What you will do - Without including any images, repeat the listing below exactly.

Records for processing -
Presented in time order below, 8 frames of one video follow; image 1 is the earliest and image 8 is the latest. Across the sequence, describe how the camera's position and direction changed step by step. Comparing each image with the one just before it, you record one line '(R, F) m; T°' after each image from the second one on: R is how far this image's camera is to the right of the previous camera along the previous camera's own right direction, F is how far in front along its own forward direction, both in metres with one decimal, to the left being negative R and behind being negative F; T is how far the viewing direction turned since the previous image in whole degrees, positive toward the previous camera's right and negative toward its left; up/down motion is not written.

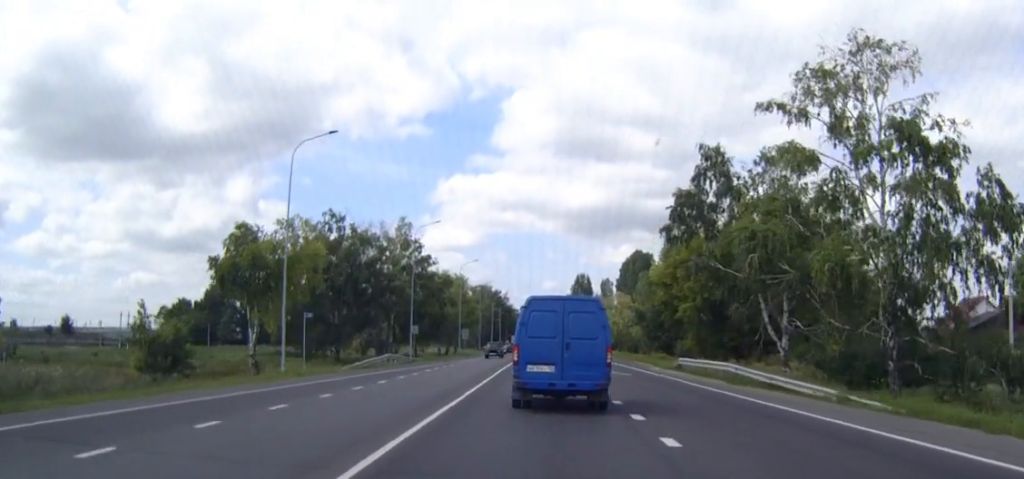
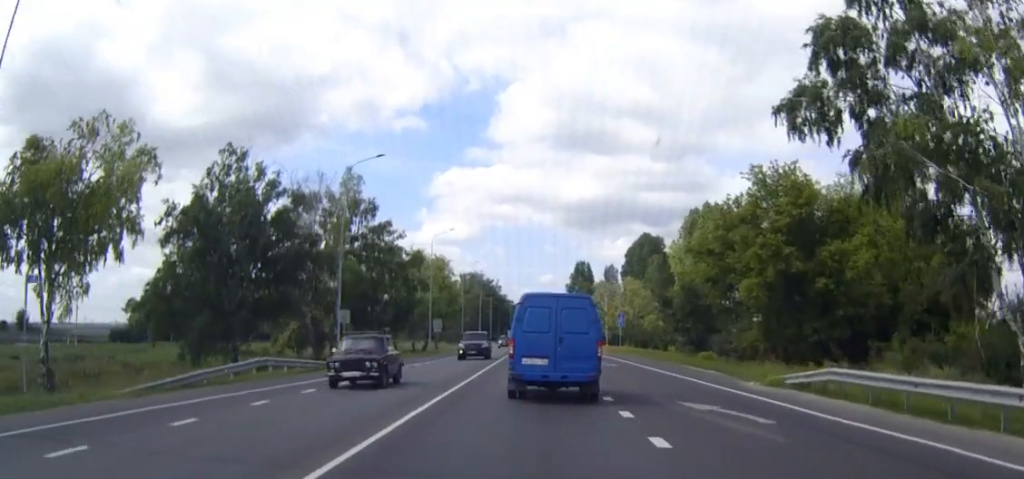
(0.0, +24.5) m; 0°
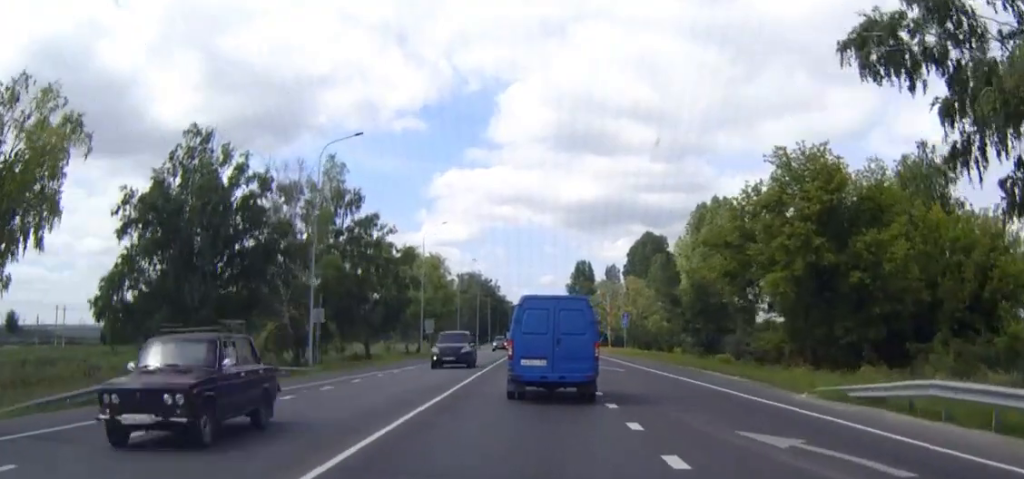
(0.0, +5.8) m; 0°
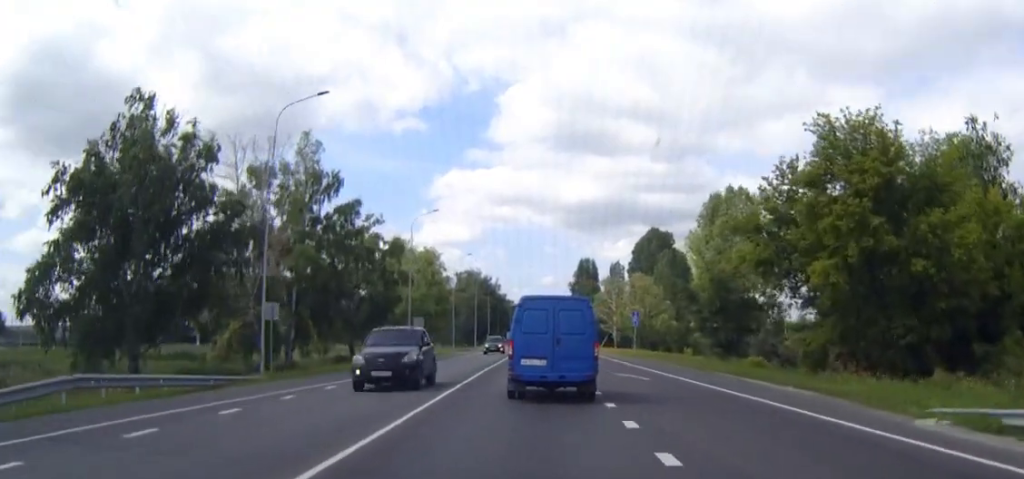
(0.0, +7.8) m; 0°
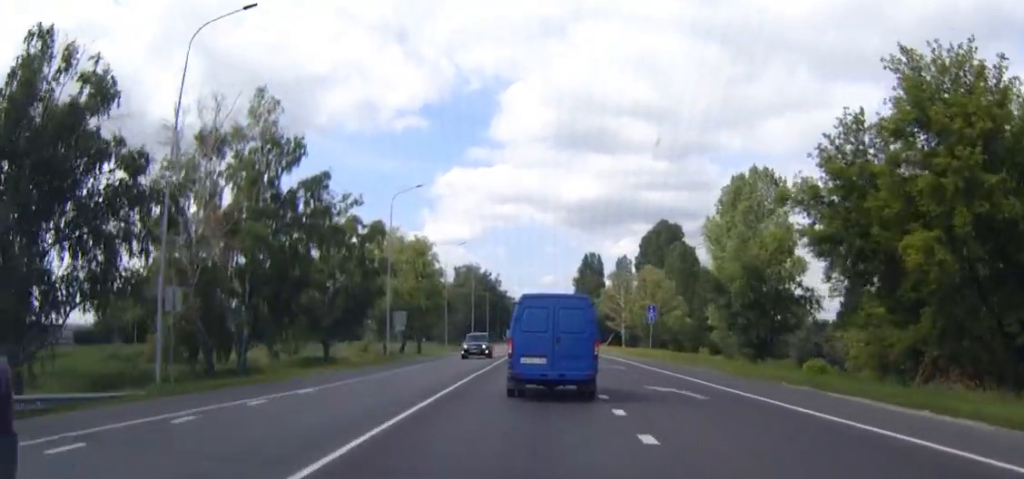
(0.0, +10.2) m; 0°
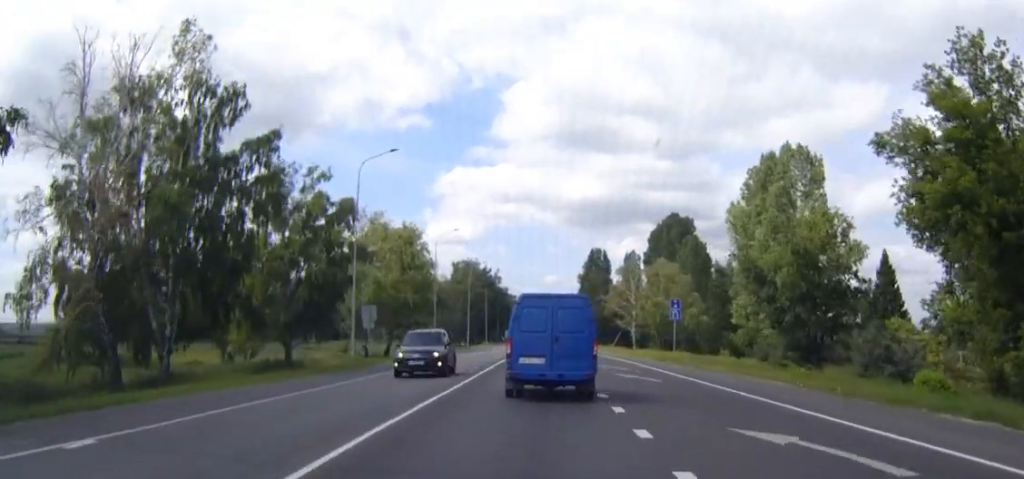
(0.0, +11.4) m; 0°
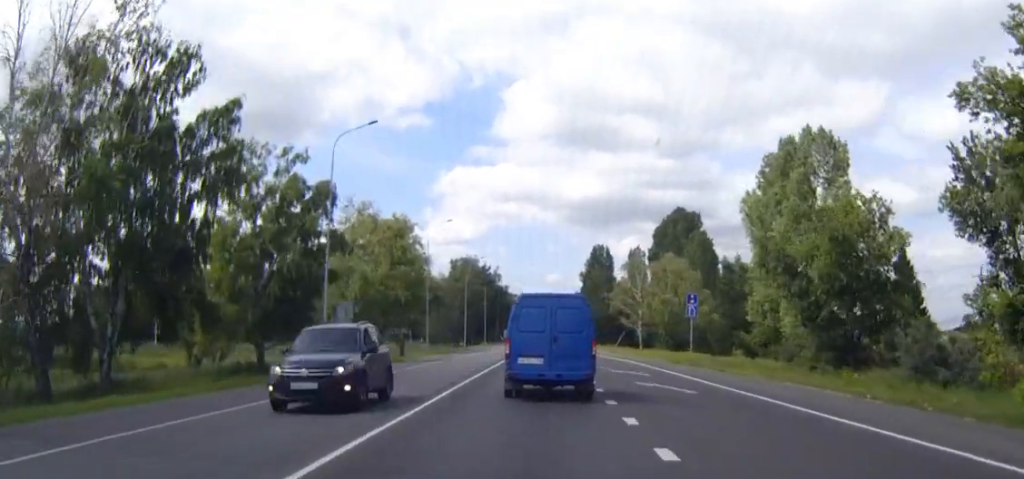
(0.0, +6.3) m; 0°
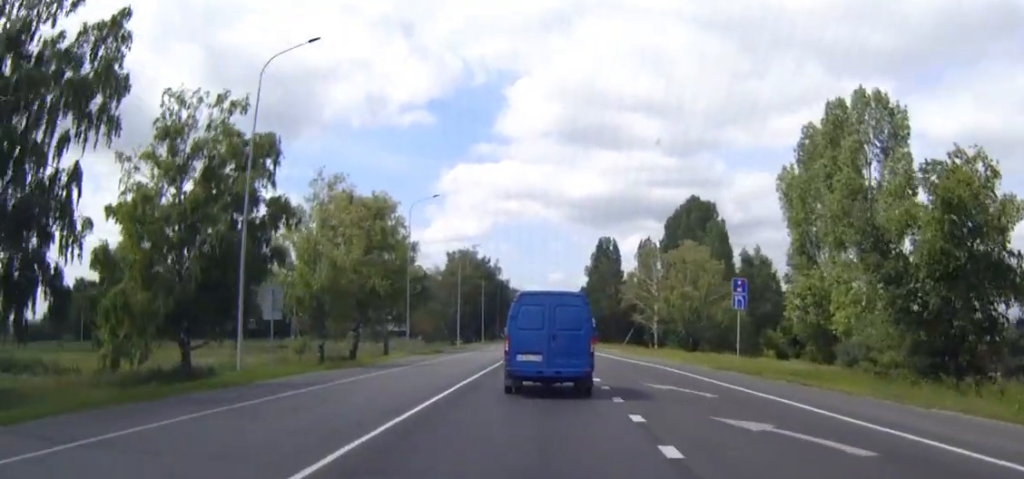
(0.0, +12.2) m; 0°

Task answer -
Presented in time order below, 8 frames of one video follow; image 1 is the earliest and image 8 is the latest. Across the sequence, describe how the camera's position and direction changed step by step. Comparing each image with the one just before it, you record one line '(R, F) m; T°' after each image from the second one on: R is how far this image's camera is to the right of the previous camera along the previous camera's own right direction, F is how far in front along its own forward direction, both in metres with one decimal, to the left being negative R and behind being negative F; T is how far the viewing direction turned since the previous image in whole degrees, positive toward the previous camera's right and negative toward its left; up/down motion is not written.

(0.0, +24.5) m; 0°
(0.0, +5.8) m; 0°
(0.0, +7.8) m; 0°
(0.0, +10.2) m; 0°
(0.0, +11.4) m; 0°
(0.0, +6.3) m; 0°
(0.0, +12.2) m; 0°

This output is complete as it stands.